Courtesy: Caribbean News Now

Advancing health and wellness a priority in CARICOM development

Health and wellness are essential factors to the Caribbean region’s development.

Taking a very strong stance in reflecting what Caribbean Public Health Day, should mean to the people of the region, Dr C. James Hospedales, executive director of the Caribbean Public Health Agency (CARPHA), stated, “Nothing can be more important today to the resilience of the region than the state of public health.”

According to statistics from the Caribbean Development Bank, the region struggled to achieve 1% economic growth in 2015 and will likely fall below that percentage in 2016.

Other information in the State of Public Health report launched by CARPHA shows that health problems, particularly chronic non-communicable diseases (NCDs) are also negatively affecting economic growth. Depending on the study and country, diabetes and hypertension alone can account for 3-8% negative impact on the Gross Domestic Product, yet these problems are almost entirely preventable.

The ageing of our populations also argues for investing in healthy ageing as an economic imperative.

In light of the data, Hospedales said, “Making the choice to invest in health promotion and disease prevention is one definite solution in the creation of healthy societies and economies, especially as many of these ailments are completely preventable through a combination of public policies, consumer education, and health services strengthening.”
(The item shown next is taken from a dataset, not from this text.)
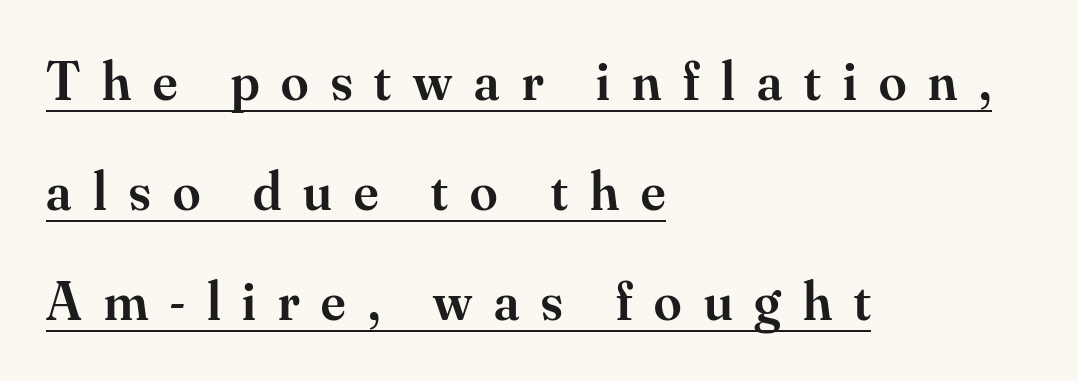
{"serif": "yes", "italic": "no", "bold": "semi", "weight": "semibold", "width": "normal", "stroke_contrast": "medium", "x_height": "small", "monospaced": "no", "underline": "yes", "align": "left", "line_spacing": "loose", "line_spacing_ratio": 2.0, "letter_spacing": "wide", "letter_spacing_em": 0.4, "glyph_px": 55}

He went on to say, “Achieving economic growth regionally can be as simple as managing the region’s health situation to reduce preventable impediments to growth.”

Caribbean Public Health Day is therefore an important vehicle to educate and inform the people and policymakers of the region of their role in supporting and maintaining good public health.

The CARPHA executive director maintains that tobacco and alcohol use, diet and physical activity are key factors which must be addressed to improve health. Attention must be given to tobacco taxation, labelling and having smoke free public spaces. Additionally, finding ways to reducing the harmful use of alcohol is also of paramount importance and can be achieved through pricing and enforcing underage drinking laws.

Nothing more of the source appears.